Markers of cell damage of buffy-coat derived platelet concentrates in additive solutions


Authors: L. Řehořová 1,2;  R. Procházková 1,2
Authors‘ workplace: Transfuzní oddělení, Krajská nemocnice Liberec, a. s. 1;  Ústav zdravotnických studií, Technická univerzita v Liberci 2
Published in: Transfuze Hematol. dnes,17, 2011, No. 2, p. 85-91.
Category: Comprehensive Reports, Original Papers, Case Reports

Overview

Background:
The aim of the study was to compare markers of cell damage and platelet activation of buffy-coat derived platelet concentrates (PCs) during storage in two types of additive solutions (PASs) in two different storage bags. PASs reduce plasma-associated transfusion reactions and conserve plasma for transfusion or fractionation.

Materials and Methods:
PCs were prepared from leukocyte-depleted pools of four buffy-coats (BCPs) suspended in one of 70% PASs: 30% plasma (Composol, Fresenius - Kabi; T-Sol, Baxter Corp.). Two different storage bags were used (R4R7036, Fenwal; Autostop, Pall Corp.). On the days 0 and 5 of storage samples were tested for PLT concentration, pH, glucose, lactate and sP-Selectin. Data were analyzed by analysis with two-sample t-tests, paired test and Pearson correlation coefficient. Statistical significance was assessed at p <0.05.

Results:
PLT yields were higher then 2x1011platelets/unit in all of PCs. There was the significant decrease of platelet concentration during storage for 5 days in all bags or media. The pH of all PCs was 6.8 on the 5th day of storage. Glucose consumption and lactate production in all types of bags and media were significantly different during storage. Lactate production and glucose consumption in T-Sol were higher than those items in Composol and they resulted in lower pH values. We showed the influence of storage bags for platelet activation, too.

Conclusion:
The development of markers of cell damage in PCs was influenced mainly by used platelet storage solution, platelet storage bags affected the status of platelet activation.

Key words:
platelet additive solution, platelet, platelet function, platelet activation, platelet storage


Sources

1. Zhang JG, Carter JC, Culibrk B, et al. Buffy coat platelet variables and meatabolism during storage in additive solutions or plasma. Transfusion 2008; 48: 847-856.

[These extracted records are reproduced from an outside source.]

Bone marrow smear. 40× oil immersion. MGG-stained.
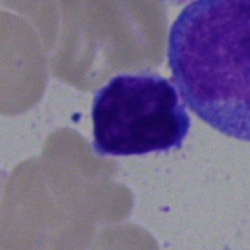
Cell = typical lymphocyte.
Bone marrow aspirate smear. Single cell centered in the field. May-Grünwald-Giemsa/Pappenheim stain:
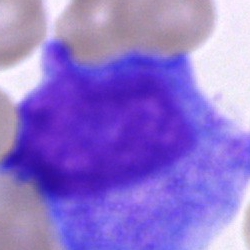 Specimen: bone marrow aspirate smear.
Classification: progranulocyte.
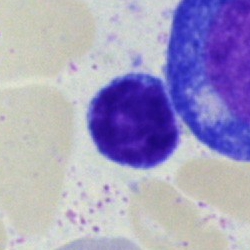

A lymphocyte on a bone marrow smear.

2. Gullikson H, AuBuchon JP, Vesterinen M, et al. Storage of platelets in additive solutions: a pilot in vitro study of the effects of potassium and magnesium. Vox Sanq 2002; 82: 131–136.

3. Diedrich B, Sandgren P, Jansson B, et al. In vitro and in vivo effects of potassium and magnesium on storage up to 7 days of apheresis platelet concentrates in platelet additive solutions. Vox Sanq 2008; 94: 96-102.

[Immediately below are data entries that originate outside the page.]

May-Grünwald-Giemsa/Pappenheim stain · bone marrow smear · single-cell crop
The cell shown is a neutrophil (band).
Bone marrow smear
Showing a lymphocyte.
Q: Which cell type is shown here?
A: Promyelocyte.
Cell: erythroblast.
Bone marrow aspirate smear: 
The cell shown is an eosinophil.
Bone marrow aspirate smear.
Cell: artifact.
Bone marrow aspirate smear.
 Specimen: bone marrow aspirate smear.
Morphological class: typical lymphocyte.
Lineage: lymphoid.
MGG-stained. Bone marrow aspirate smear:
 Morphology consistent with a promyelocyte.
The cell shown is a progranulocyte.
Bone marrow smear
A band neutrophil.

4. Cardigan R, Sutherland J, Garwood M, et al. In vitro function of buffy coat – derived platelet concentrates stored for 9 days in CompoSol, PAS II or 100% plasma in three different storage bags. Vox Sanq 2008; 94: 103-112.

5. Murphy S. Platelelets from pooled buffy coats: an update. Transfusion 2005; 45: 634 – 639.

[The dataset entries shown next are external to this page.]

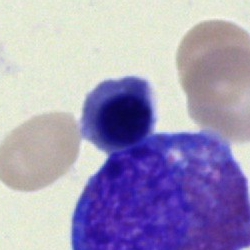

Cell = nucleated red blood cell.
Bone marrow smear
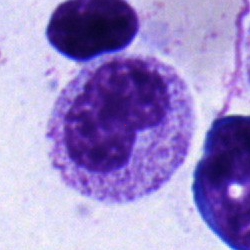This is a metamyelocyte.
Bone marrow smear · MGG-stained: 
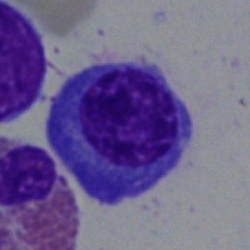 Plasmacyte.
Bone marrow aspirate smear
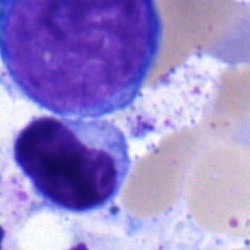
Morphological class: pronormoblast.

6. Azuma H, Hirayama J, Akino M, et. al. Reduction in adverse reactions to platelets by removal of plasma supernatant and resuspension in a new additive solution (M-sol). Transfusion 2009; 49: 214-218.

7. Vetlesen A, Mirlashari MR, Torshein IA, Kjeldsen – Kragh J. Plaletet activation and residual activation potential during storage of hyperconcentrated platelet products in two different platelet additive solutions. Transfusion 2005; 45: 1349-1355.

8. Van der Meer PF, Kerkhofs JL, Curvers J, et al. In vitro comparison of platelet storage in plasma and in four platelet additive solutions, and the effect of pathogen reduction: a proposal for an in vitro rating system. Vox Sanq 2010; 98: 517-524.

9. Sweeney J, Kouthab N, Holme S, Kurtis J, Cheves T, Nelson E. Storage of platelet rich plasma-derived platelet concentrate pools in plasma and additive solution. Transfusion 2006; 46: 835-840.

10. Hornsey VS, McColl K, Drummond O, et al. Extended storage of platelets in SSP+ platelet additive solution. Vox Sanq 2006; 91:41-46.

11. Seghatchian J, Krailadsiri P. The Platelet storage lession. Transf Med Rev 1997; 11: 130-144.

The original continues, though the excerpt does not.